**Exercise aim:**
Your task is to repeat the entries word for word while leaving out the pictures.

[Data supplied Boundary: Start]

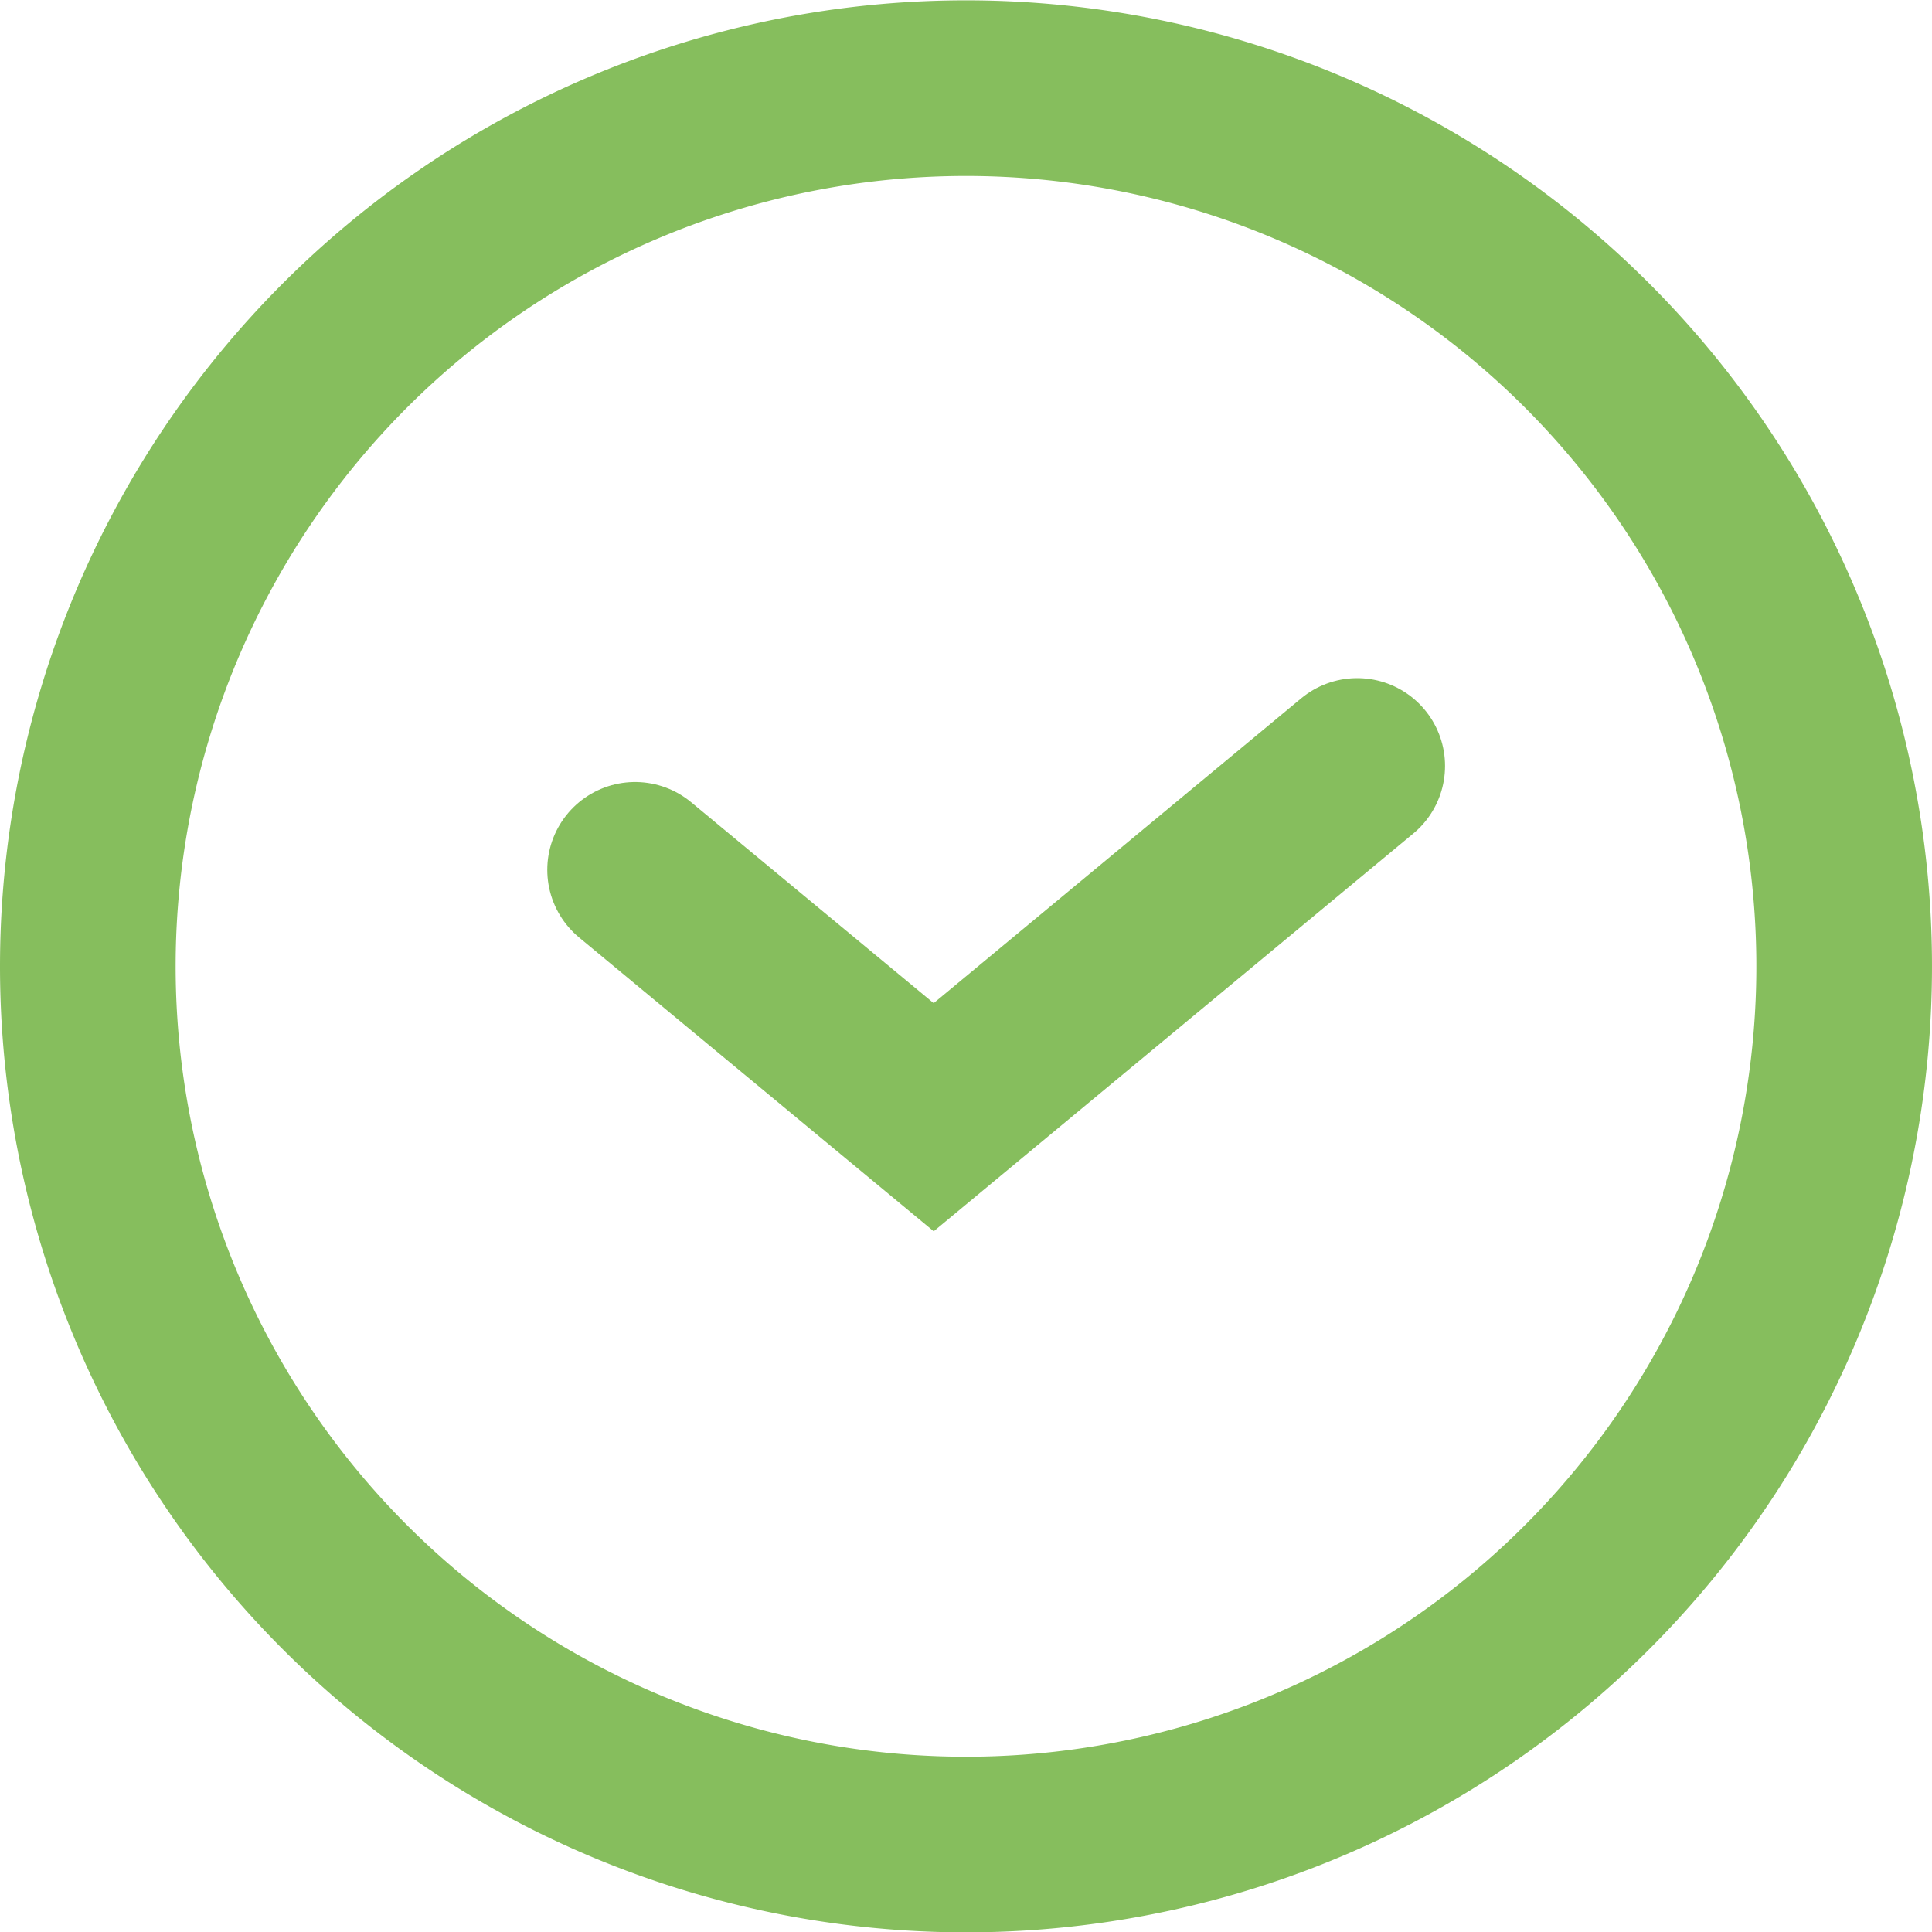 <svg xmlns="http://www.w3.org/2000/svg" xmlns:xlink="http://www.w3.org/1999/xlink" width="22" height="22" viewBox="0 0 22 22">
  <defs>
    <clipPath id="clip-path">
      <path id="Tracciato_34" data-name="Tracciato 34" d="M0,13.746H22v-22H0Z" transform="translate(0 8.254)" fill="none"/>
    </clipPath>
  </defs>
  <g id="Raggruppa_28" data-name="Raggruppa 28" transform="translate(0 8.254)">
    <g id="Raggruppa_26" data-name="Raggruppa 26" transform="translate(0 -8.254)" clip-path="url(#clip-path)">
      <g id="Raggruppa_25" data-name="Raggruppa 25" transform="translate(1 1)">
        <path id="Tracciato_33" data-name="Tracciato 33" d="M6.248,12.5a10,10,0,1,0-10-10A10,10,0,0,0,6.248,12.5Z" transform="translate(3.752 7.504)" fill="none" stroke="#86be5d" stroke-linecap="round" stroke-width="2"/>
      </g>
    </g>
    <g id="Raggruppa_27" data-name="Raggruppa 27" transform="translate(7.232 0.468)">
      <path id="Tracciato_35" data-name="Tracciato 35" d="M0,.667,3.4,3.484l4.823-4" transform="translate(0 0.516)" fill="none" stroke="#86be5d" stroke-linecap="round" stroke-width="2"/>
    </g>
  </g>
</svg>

[Data supplied Boundary: End]

**Task solution:**
 <svg xmlns="http://www.w3.org/2000/svg" xmlns:xlink="http://www.w3.org/1999/xlink" width="22" height="22" viewBox="0 0 22 22">
  <defs>
    <clipPath id="clip-path">
      <path id="Tracciato_34" data-name="Tracciato 34" d="M0,13.746H22v-22H0Z" transform="translate(0 8.254)" fill="none"/>
    </clipPath>
  </defs>
  <g id="Raggruppa_28" data-name="Raggruppa 28" transform="translate(0 8.254)">
    <g id="Raggruppa_26" data-name="Raggruppa 26" transform="translate(0 -8.254)" clip-path="url(#clip-path)">
      <g id="Raggruppa_25" data-name="Raggruppa 25" transform="translate(1 1)">
        <path id="Tracciato_33" data-name="Tracciato 33" d="M6.248,12.5a10,10,0,1,0-10-10A10,10,0,0,0,6.248,12.5Z" transform="translate(3.752 7.504)" fill="none" stroke="#86be5d" stroke-linecap="round" stroke-width="2"/>
      </g>
    </g>
    <g id="Raggruppa_27" data-name="Raggruppa 27" transform="translate(7.232 0.468)">
      <path id="Tracciato_35" data-name="Tracciato 35" d="M0,.667,3.4,3.484l4.823-4" transform="translate(0 0.516)" fill="none" stroke="#86be5d" stroke-linecap="round" stroke-width="2"/>
    </g>
  </g>
</svg>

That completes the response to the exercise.